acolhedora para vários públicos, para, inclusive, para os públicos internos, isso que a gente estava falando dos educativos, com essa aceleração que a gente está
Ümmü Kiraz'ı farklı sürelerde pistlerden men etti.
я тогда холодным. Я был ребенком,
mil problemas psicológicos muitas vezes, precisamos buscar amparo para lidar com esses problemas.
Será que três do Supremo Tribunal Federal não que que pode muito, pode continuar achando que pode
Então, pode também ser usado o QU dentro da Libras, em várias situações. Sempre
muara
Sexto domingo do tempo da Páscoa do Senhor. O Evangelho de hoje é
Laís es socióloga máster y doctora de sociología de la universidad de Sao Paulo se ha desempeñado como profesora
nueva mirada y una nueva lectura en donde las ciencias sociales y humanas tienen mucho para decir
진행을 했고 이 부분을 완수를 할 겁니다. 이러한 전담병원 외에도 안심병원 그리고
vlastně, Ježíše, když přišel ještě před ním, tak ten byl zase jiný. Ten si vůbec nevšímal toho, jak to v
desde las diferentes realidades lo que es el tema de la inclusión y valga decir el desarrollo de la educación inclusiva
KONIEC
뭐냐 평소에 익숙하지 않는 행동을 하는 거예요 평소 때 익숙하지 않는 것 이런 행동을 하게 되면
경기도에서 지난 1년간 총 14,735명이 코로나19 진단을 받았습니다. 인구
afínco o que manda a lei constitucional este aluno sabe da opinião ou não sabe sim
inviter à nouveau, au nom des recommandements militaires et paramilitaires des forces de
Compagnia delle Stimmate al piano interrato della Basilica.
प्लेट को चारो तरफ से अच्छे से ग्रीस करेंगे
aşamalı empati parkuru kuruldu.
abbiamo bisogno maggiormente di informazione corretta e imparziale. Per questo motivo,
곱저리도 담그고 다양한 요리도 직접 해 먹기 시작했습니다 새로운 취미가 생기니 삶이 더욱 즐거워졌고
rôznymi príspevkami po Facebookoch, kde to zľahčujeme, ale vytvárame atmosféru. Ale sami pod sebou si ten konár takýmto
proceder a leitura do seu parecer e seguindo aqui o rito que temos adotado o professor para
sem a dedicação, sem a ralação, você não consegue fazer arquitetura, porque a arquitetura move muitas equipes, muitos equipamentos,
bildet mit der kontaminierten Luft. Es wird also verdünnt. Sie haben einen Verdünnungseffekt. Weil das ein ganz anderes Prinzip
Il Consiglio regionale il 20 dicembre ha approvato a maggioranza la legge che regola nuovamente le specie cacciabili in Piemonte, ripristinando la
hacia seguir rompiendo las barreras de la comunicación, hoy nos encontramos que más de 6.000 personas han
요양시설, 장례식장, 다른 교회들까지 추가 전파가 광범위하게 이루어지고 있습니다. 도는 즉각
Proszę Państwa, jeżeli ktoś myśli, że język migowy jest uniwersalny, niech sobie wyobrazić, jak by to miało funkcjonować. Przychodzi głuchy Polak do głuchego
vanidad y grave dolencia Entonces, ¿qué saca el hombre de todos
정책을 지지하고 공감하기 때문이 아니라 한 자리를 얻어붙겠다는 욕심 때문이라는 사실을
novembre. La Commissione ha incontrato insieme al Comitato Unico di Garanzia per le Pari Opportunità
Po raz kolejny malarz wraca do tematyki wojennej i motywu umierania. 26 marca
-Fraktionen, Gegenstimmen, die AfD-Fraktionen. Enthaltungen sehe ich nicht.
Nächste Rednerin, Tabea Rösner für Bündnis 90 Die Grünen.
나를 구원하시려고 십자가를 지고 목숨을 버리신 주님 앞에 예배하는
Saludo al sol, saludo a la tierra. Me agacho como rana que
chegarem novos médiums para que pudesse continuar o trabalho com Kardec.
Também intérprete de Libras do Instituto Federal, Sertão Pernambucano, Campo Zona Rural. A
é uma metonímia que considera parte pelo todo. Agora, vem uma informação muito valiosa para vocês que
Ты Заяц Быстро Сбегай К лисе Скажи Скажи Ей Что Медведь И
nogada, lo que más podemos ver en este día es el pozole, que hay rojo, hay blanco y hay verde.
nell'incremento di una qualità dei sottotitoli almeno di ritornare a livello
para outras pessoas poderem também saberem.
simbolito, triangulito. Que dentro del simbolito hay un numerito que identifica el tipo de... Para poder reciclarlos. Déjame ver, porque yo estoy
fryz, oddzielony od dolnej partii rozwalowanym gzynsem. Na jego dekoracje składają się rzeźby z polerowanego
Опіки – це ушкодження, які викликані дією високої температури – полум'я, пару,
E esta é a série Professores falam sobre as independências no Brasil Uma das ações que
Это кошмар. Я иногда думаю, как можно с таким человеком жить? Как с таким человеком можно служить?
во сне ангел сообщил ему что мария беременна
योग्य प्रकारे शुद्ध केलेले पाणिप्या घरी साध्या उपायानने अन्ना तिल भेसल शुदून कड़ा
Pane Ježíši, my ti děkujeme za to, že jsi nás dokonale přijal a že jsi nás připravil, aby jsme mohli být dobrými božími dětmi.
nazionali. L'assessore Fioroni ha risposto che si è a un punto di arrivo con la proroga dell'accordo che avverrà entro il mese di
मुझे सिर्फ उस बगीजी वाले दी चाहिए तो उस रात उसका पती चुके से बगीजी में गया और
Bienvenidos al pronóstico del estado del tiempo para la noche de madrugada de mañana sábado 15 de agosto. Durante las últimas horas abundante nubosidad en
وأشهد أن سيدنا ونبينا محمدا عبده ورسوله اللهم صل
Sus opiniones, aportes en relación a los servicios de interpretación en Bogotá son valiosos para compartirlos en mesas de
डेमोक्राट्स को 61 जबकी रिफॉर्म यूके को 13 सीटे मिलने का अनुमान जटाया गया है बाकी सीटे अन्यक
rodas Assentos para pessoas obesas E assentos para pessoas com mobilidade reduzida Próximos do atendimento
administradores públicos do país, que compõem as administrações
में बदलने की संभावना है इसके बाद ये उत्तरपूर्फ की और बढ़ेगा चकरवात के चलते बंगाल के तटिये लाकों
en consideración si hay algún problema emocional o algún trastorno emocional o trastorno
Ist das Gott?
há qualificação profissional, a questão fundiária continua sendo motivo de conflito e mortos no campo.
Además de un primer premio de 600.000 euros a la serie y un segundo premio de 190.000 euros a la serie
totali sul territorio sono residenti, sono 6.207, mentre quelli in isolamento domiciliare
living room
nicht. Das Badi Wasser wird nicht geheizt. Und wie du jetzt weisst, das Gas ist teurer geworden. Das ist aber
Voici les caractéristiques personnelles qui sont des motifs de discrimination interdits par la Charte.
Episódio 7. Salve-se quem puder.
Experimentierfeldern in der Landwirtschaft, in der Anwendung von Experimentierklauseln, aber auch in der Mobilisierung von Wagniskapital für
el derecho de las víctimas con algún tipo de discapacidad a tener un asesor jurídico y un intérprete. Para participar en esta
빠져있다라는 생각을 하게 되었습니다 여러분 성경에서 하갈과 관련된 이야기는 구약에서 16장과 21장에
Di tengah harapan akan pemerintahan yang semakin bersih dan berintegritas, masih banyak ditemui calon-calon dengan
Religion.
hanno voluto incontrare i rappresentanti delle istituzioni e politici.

───

**REQUIREMENT:**
Only a number is wanted here: how many lines of the records above contain "como".

**REPLY:**
2